To determine the speed of the wind on a Savonius wind turbine based on the speeds of vehicles passing by, we need to consider the relative wind speed created by the movement of the vehicles.
Assuming the vehicles are moving at a constant speed of 100 km/h (or 27.8 m/s), and we want to find the wind speed at the turbine's rotor diameter, we can use the concept of wind speed ratio.
The wind speed ratio is the ratio between the effective wind speed experienced by the turbine and the actual wind speed. It can be calculated using the following formula:
Wind speed ratio = (Turbine rotor speed) / (Vehicle speed)
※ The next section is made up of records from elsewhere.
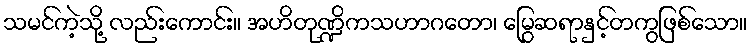
သမင်ကဲ့သို့ လည်းကောင်း။ အဟိတုဏ္ဍိကသဟာဂတော၊ မြွေဆရာနှင့်တကွဖြစ်သော။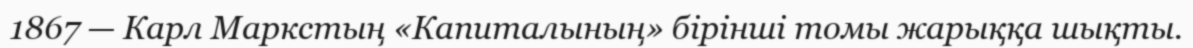
1867 — Карл Маркстың «Капиталының» бірінші томы жарыққа шықты.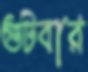
গুটবার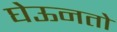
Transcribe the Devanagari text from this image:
घेऊनतो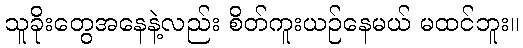
သူခိုးတွေအနေနဲ့လည်း စိတ်ကူးယဉ်နေမယ် မထင်ဘူး။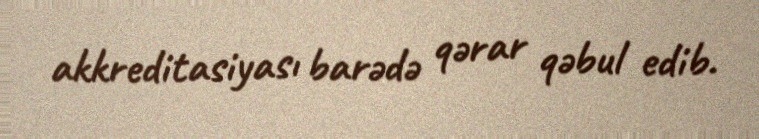
akkreditasiyası barədə qərar qəbul edib.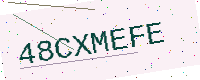
Text: 48CXMEFE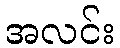
အလင်း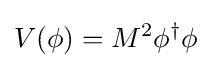
V(\phi )=M^{2}\phi ^{\dagger }\phi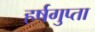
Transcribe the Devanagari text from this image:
हर्षगुप्ता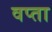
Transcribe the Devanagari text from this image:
वप्ता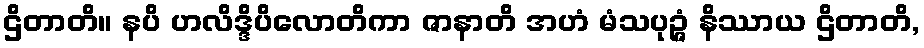
ဌိတာတိ။ နပိ ဟလိဒ္ဒိပိလောတိကာ ဇာနာတိ အဟံ မံသပုဉ္ဇံ နိဿာယ ဌိတာတိ,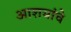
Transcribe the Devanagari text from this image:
आशयांचे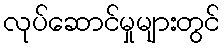
လုပ်ဆောင်မှုများတွင်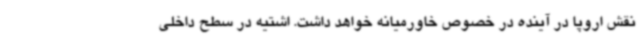
نقش اروپا در آینده در خصوص خاورمیانه خواهد داشت. اشتیه در سطح داخلی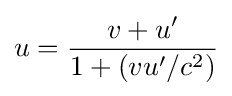
u={v+u' \over 1+(vu'/c^{2})}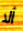
ألا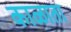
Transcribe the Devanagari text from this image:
काळाता
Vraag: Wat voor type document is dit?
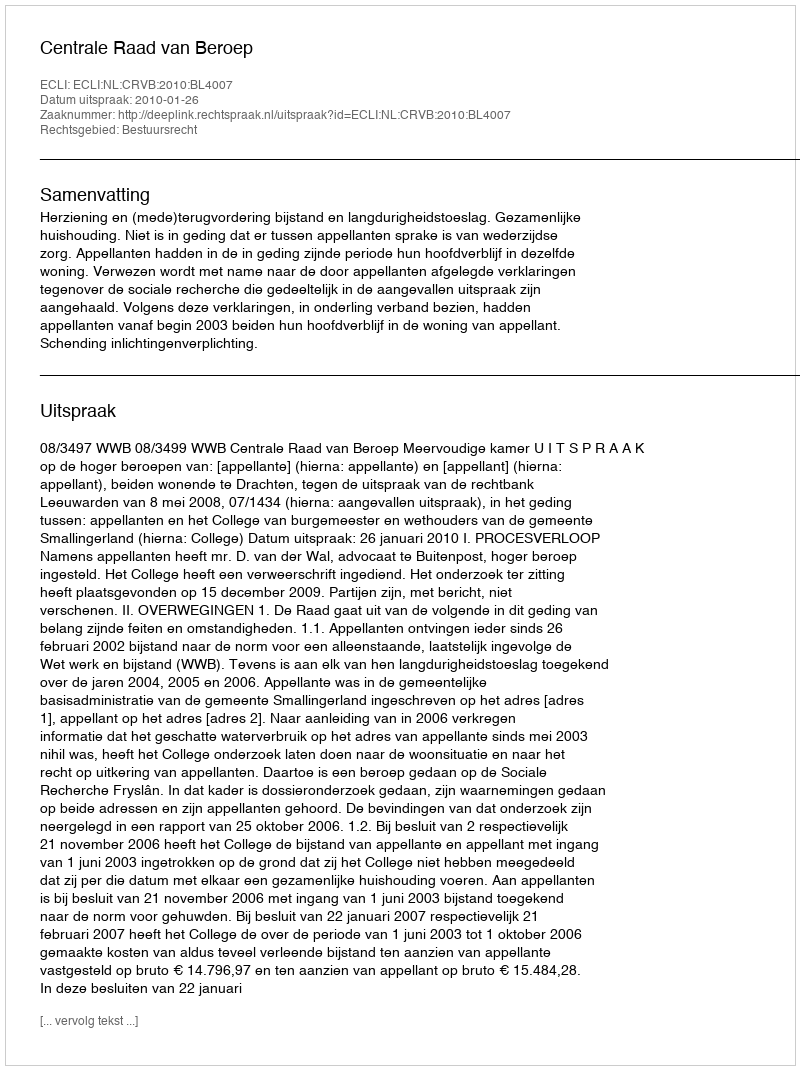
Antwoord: Uitspraak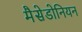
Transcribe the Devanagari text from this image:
मैसेडोनियन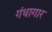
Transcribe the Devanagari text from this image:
गंथागार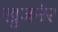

In this case, the turbine rotor speed is determined by the circumference of the rotor, which is given by:
Circumference = π × Diameter Rotor speed = Circumference × Angular velocity
Now, assuming the Savonius wind turbine has a rotor diameter of 0.5 meters and considering a typical angular velocity of 2π radians per second, we can calculate the rotor speed:
Circumference = π × 0.5m = 1.57m Rotor speed = 1.57m × 2π rad/s = 9.87 m/s
Finally, we can calculate the wind speed ratio:
Wind speed ratio = 9.87 m/s / 27.8 m/s ≈ 0.354
Therefore, the speed of the wind experienced by the Savonius wind turbine, based on vehicles moving at 100 km/h and a rotor diameter of 0.5 meters, would be approximately 35.4% of the vehicle speed or 9.87 m/s.